In [180]:
import pandas as pd
import numpy as np
import matplotlib.pyplot as plt
import matplotlib as mpl
import seaborn as sns
import json
import ast
import pickle

from sklearn.feature_extraction.text import CountVectorizer, TfidfVectorizer
from sklearn.metrics.pairwise import cosine_similarity

In [151]:
import nltk
from nltk.tokenize import word_tokenize
from nltk.corpus import stopwords
from nltk.stem import PorterStemmer
from collections import Counter
import re

In [152]:
df_credit = pd.read_csv(
    "D:\\Projects\\Movie Recomendation System\\Data\\tmdb_5000_credits.csv"
)
df_movies = pd.read_csv(
    "D:\\Projects\\Movie Recomendation System\\Data\\tmdb_5000_movies.csv"
)

In [198]:
def merge_dataframes(df1, df2, on_column):
    """
    Merge two DataFrames based on a specific column.

    Parameters:
    - df1 (pd.DataFrame): The first DataFrame.
    - df2 (pd.DataFrame): The second DataFrame.
    - on_column (str): The name of the column to merge on.

    Returns:
    - pd.DataFrame: The merged DataFrame.
    """
    # Use merge() function to merge df1 and df2 on the specified column
    merged_df = pd.merge(df1, df2, on=on_column)
    return merged_df


def extract_names(genre_list):
    """
    Extracts the 'name' values from a list of dictionaries or a stringified list of dictionaries in the 'genre' column.

    Parameters:
    - genre_list: A list of dictionaries, or a string representation of such a list, with 'id' and 'name' keys.

    Returns:
    - list: A list of genre names.
    """
    # Check if genre_list is a string and convert it to a list if necessary
    if isinstance(genre_list, str):
        try:
            genre_list = json.loads(genre_list)
        except json.JSONDecodeError:
            # Return an empty list if there's an issue with converting the string
            return []

    # Extract the 'name' from each dictionary in the list and return them as a list
    return [genre["name"] for genre in genre_list]

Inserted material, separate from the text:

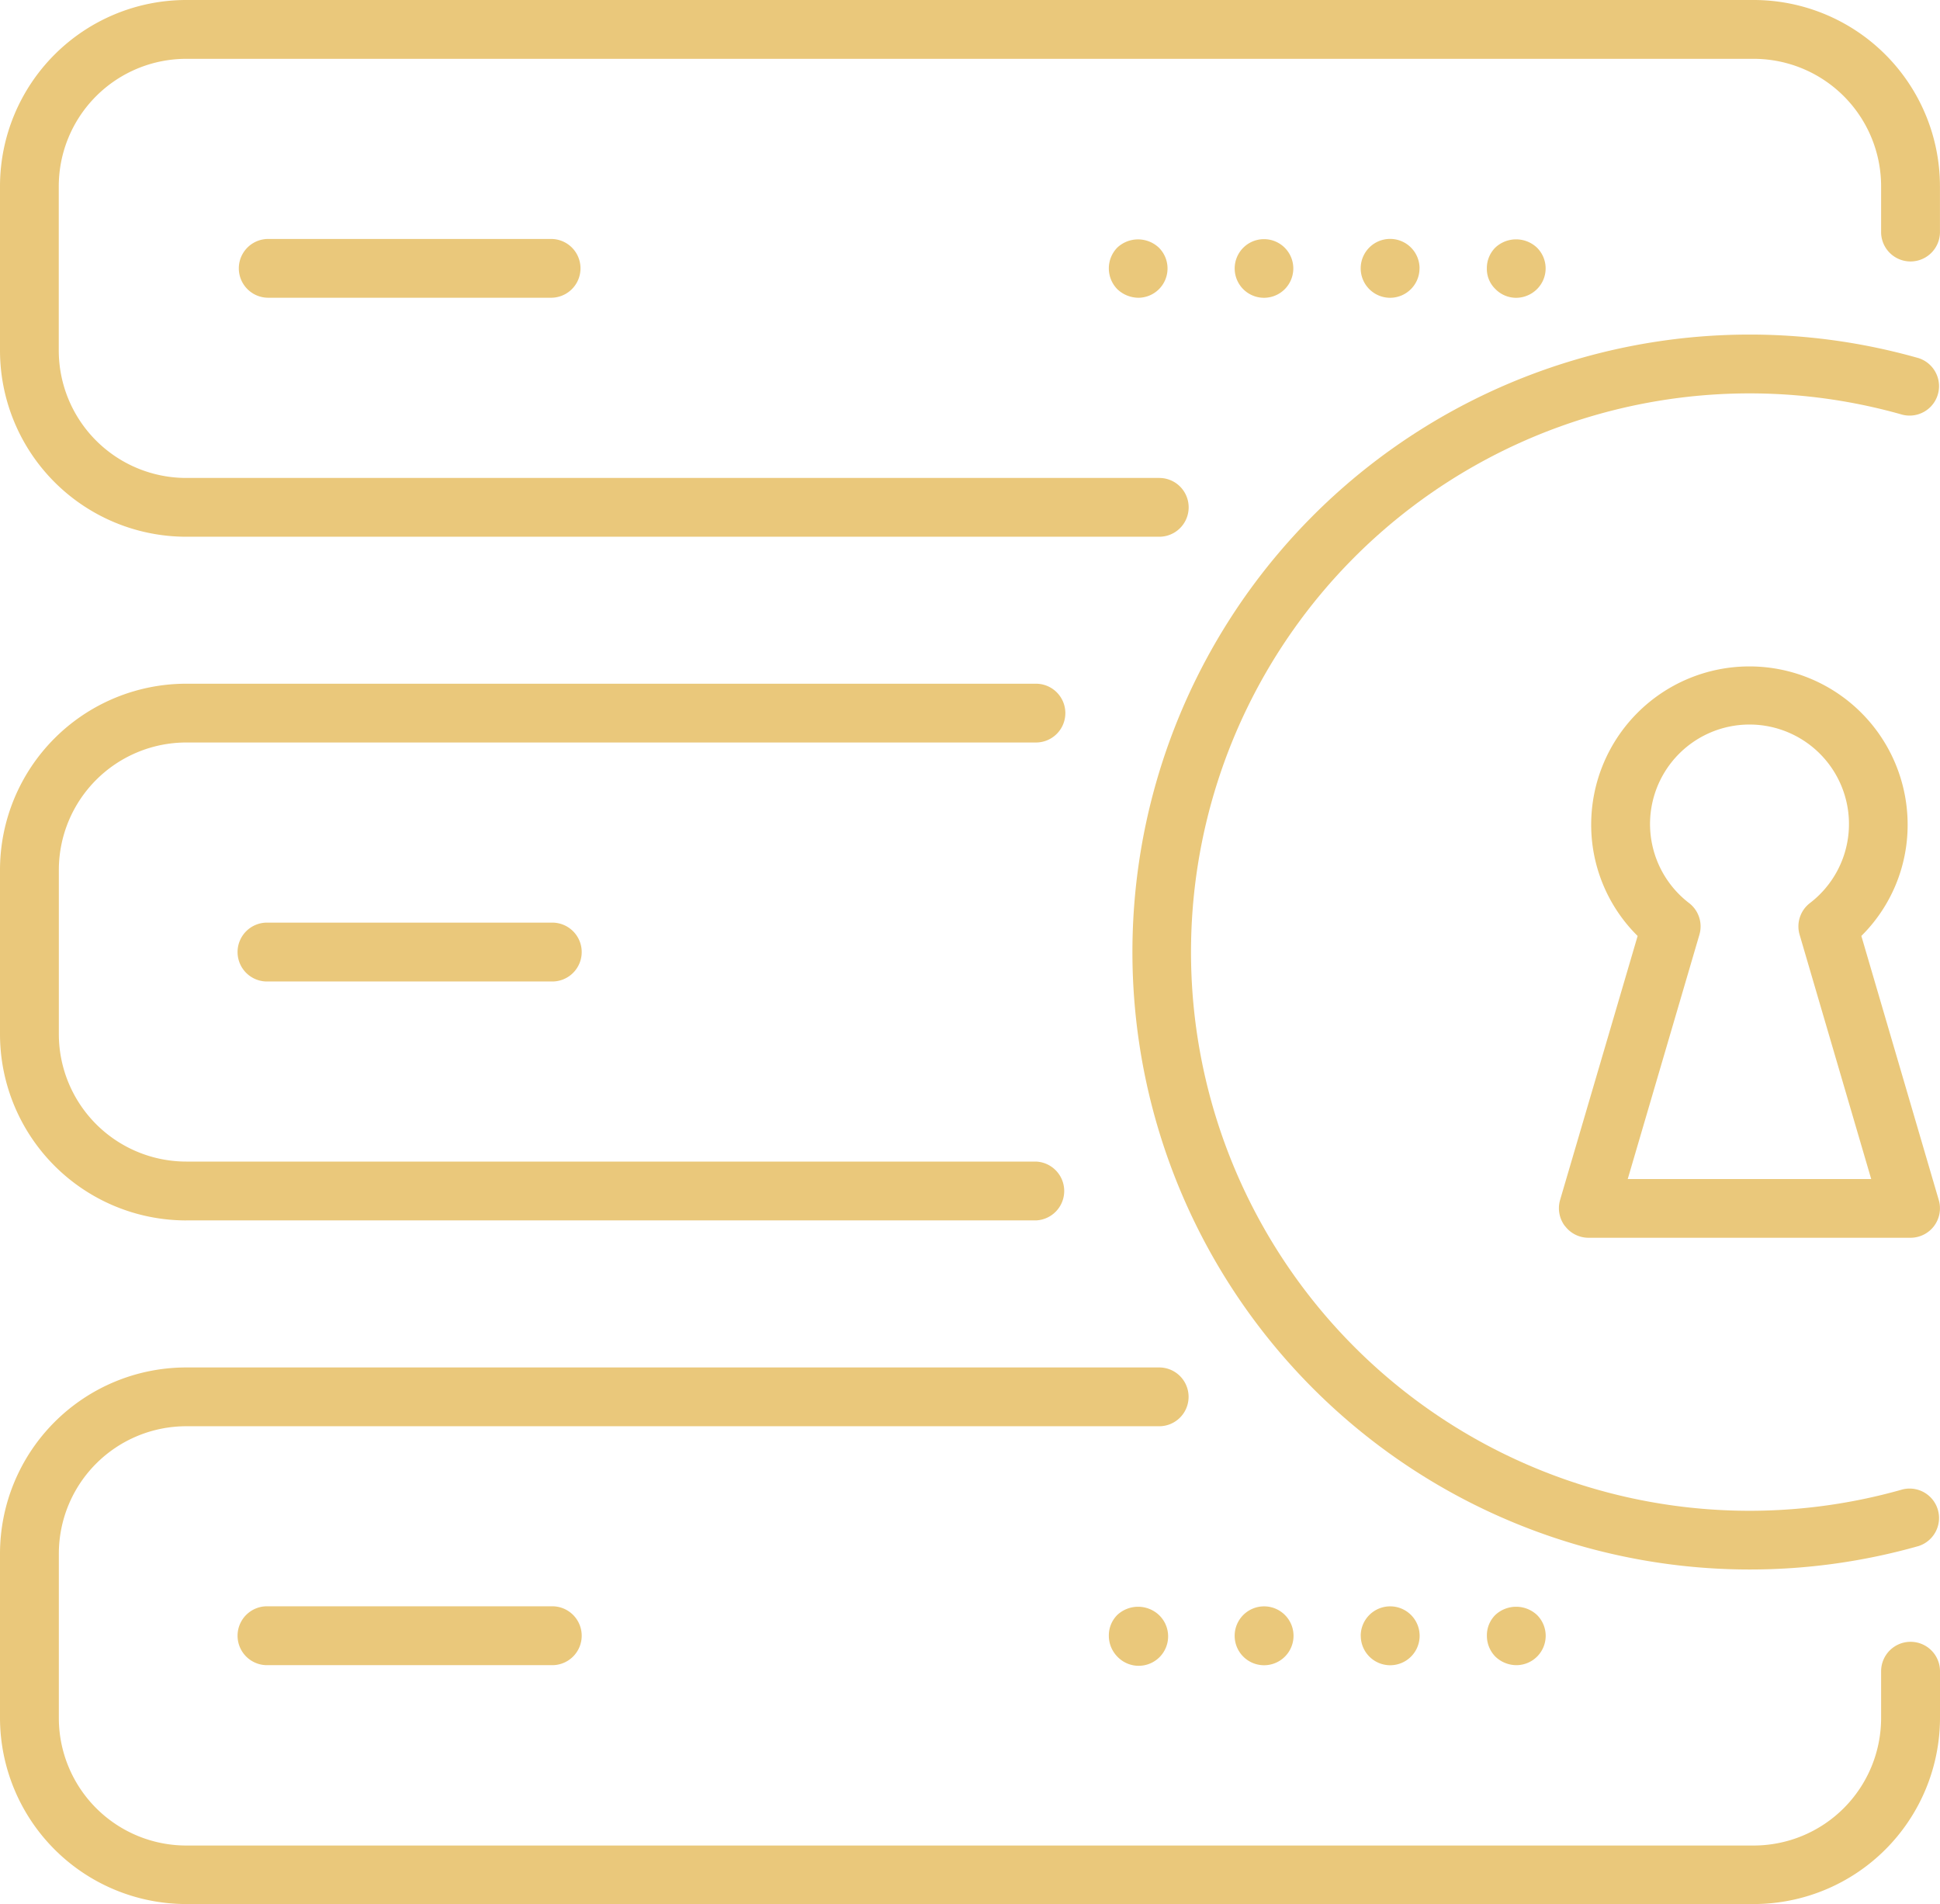 <svg xmlns="http://www.w3.org/2000/svg" id="Layer_2" data-name="Layer 2" width="81.273" height="79.748" viewBox="0 0 81.273 79.748"><g id="Layer_1" data-name="Layer 1" transform="translate(0)"><g><path id="Path_10" data-name="Path 10" d="M73.473,0H7.8A7.805,7.805,0,0,0,0,7.8V14.68a7.805,7.805,0,0,0,7.8,7.8H48.566a1.231,1.231,0,1,0,0-2.462H7.8A5.342,5.342,0,0,1,2.462,14.68V7.8A5.342,5.342,0,0,1,7.8,2.464H73.473A5.34,5.34,0,0,1,78.806,7.8V9.753a1.233,1.233,0,0,0,2.465,0V7.8a7.807,7.807,0,0,0-7.8-7.8Z" transform="translate(0)" fill="#eac87b"></path><path id="Path_11" data-name="Path 11" d="M7.8,39.391H43.4a1.233,1.233,0,0,0,0-2.464H7.8a5.342,5.342,0,0,1-5.335-5.335V24.713A5.342,5.342,0,0,1,7.8,19.375H43.4a1.231,1.231,0,0,0,0-2.462H7.8a7.805,7.805,0,0,0-7.8,7.8v6.879a7.805,7.805,0,0,0,7.8,7.8Z" transform="translate(0 11.723)" fill="#eac87b"></path><path id="Path_12" data-name="Path 12" d="M80.039,45.317a1.233,1.233,0,0,0-1.233,1.233v1.962a5.342,5.342,0,0,1-5.333,5.337H7.8a5.342,5.342,0,0,1-5.335-5.337V41.625A5.34,5.34,0,0,1,7.8,36.288H48.563a1.231,1.231,0,1,0,0-2.462H7.8a7.805,7.805,0,0,0-7.8,7.8v6.888A7.807,7.807,0,0,0,7.8,56.3H73.473a7.807,7.807,0,0,0,7.8-7.789V46.55a1.231,1.231,0,0,0-1.233-1.233Z" transform="translate(0 23.447)" fill="#eac87b"></path><path id="Path_13" data-name="Path 13" d="M7.14,5.911a1.231,1.231,0,1,0,0,2.462H18.992a1.231,1.231,0,0,0,0-2.462Z" transform="translate(4.096 4.097)" fill="#eac87b"></path><path id="Path_14" data-name="Path 14" d="M7.159,22.823a1.233,1.233,0,1,0,0,2.464H19.011a1.233,1.233,0,1,0,0-2.464Z" transform="translate(4.076 15.82)" fill="#eac87b"></path><path id="Path_15" data-name="Path 15" d="M7.159,39.735a1.233,1.233,0,1,0,0,2.464H19.011a1.233,1.233,0,1,0,0-2.464Z" transform="translate(4.076 27.542)" fill="#eac87b"></path><path id="Path_16" data-name="Path 16" d="M27.793,6.263a1.246,1.246,0,0,0,0,1.747,1.3,1.3,0,0,0,.875.357,1.227,1.227,0,0,0,.862-2.1A1.272,1.272,0,0,0,27.793,6.263Z" transform="translate(19.017 4.104)" fill="#eac87b"></path><path id="Path_17" data-name="Path 17" d="M36.133,7.144A1.233,1.233,0,1,0,34.9,8.375a1.233,1.233,0,0,0,1.231-1.231Z" transform="translate(23.337 4.097)" fill="#eac87b"></path><path id="Path_18" data-name="Path 18" d="M33.009,7.144a1.228,1.228,0,1,0-.36.872A1.233,1.233,0,0,0,33.009,7.144Z" transform="translate(21.172 4.097)" fill="#eac87b"></path><path id="Path_19" data-name="Path 19" d="M38.884,8.011a1.222,1.222,0,0,0,0-1.747,1.273,1.273,0,0,0-1.739,0,1.216,1.216,0,0,0-.356.874A1.168,1.168,0,0,0,37.145,8a1.217,1.217,0,0,0,.877.369A1.248,1.248,0,0,0,38.884,8.011Z" transform="translate(25.5 4.104)" fill="#eac87b"></path><path id="Path_20" data-name="Path 20" d="M27.793,40.086a1.211,1.211,0,0,0-.357.875,1.25,1.25,0,0,0,.357.874,1.233,1.233,0,1,0,1.737-1.749,1.278,1.278,0,0,0-1.737,0Z" transform="translate(19.017 27.55)" fill="#eac87b"></path><path id="Path_21" data-name="Path 21" d="M30.549,40.969a1.233,1.233,0,1,0,1.231-1.233,1.233,1.233,0,0,0-1.231,1.233Z" transform="translate(21.175 27.543)" fill="#eac87b"></path><path id="Path_22" data-name="Path 22" d="M33.669,40.969A1.233,1.233,0,1,0,34.9,39.736a1.233,1.233,0,0,0-1.233,1.233Z" transform="translate(23.338 27.543)" fill="#eac87b"></path><path id="Path_23" data-name="Path 23" d="M37.146,40.086a1.2,1.2,0,0,0-.356.875,1.241,1.241,0,0,0,.356.874,1.278,1.278,0,0,0,.877.357,1.229,1.229,0,0,0,.862-2.106,1.28,1.28,0,0,0-1.739,0Z" transform="translate(25.501 27.55)" fill="#eac87b"></path><path id="Path_24" data-name="Path 24" d="M53.873,60a25.9,25.9,0,0,0,7.082-.982,1.233,1.233,0,0,0-.677-2.37,23.4,23.4,0,1,1,0-45.014,1.233,1.233,0,0,0,.677-2.37A25.861,25.861,0,1,0,53.873,60Z" transform="translate(19.42 5.735)" fill="#eac87b"></path><path id="Path_25" data-name="Path 25" d="M38.824,39.92a1.229,1.229,0,0,0,.985.494H53.3a1.233,1.233,0,0,0,1.185-1.578L51.241,27.773a6.539,6.539,0,0,0,1.939-4.66,6.628,6.628,0,1,0-13.257,0,6.547,6.547,0,0,0,1.946,4.661L38.619,38.836a1.238,1.238,0,0,0,.2,1.084Zm5.633-12.2a1.233,1.233,0,0,0-.43-1.322,4.167,4.167,0,1,1,5.057,0,1.233,1.233,0,0,0-.43,1.322l3,10.235h-10.2Z" transform="translate(26.737 11.427)" fill="#eac87b"></path></g></g></svg>

def extract_star_names(cast_string):
    """
    Converts a string representation of a list of dictionaries to a list and extracts names of the first three stars.

    Parameters:
    - cast_string (str): A string representation of a list of dictionaries.

    Returns:
    - list: A list containing the names of the first three stars.
    """
    # Convert the string to a list of dictionaries using ast.literal_eval
    cast_list = ast.literal_eval(cast_string)
    # Extract the 'name' key from each dictionary for the first three entries
    return [cast["name"] for cast in cast_list[:3]]  # Limit to first three


def extract_director_name(crew_str):
    try:
        # Safely evaluate the string to a list
        crew_list = ast.literal_eval(crew_str)
        # Extract and return the director's name
        directors = [crew["name"] for crew in crew_list if crew["job"] == "Director"]
        return directors[0] if directors else None
    except (ValueError, SyntaxError):
        # Return None in case of an error
        return None


def process_text(text):
    if not isinstance(text, str):
        return []  # Return an empty list if the input is not a string

    # Convert text to lower case
    text = text.lower()

    # Tokenization
    tokens = word_tokenize(text)

    # Removing special characters
    tokens = [re.sub(r"[^a-zA-Z0-9]", "", token) for token in tokens]
    tokens = [token for token in tokens if token]  # Remove empty strings

    # Removing stop words and punctuation
    stop_words = set(stopwords.words("english"))
    tokens = [token for token in tokens if token not in stop_words]

    # Stemming
    stemmer = PorterStemmer()
    tokens = [stemmer.stem(token) for token in tokens]

    return tokens


def lowercase_text(text):
    """
    Convert a text or a list of texts to lowercase.
    If text is a list, it applies lowercase to each element of the list.
    If text is None, returns an empty string.
    """
    if isinstance(text, list):
        return [str(t).lower() for t in text]
    elif isinstance(text, str):
        return text.lower()
    return text


def remove_spaces_from_names(names):
    """
    Remove spaces from each name in a list of names. Handles None values by returning an empty list.
    """
    if names is None:
        return []
    return [name.replace(" ", "") for name in names if name is not None]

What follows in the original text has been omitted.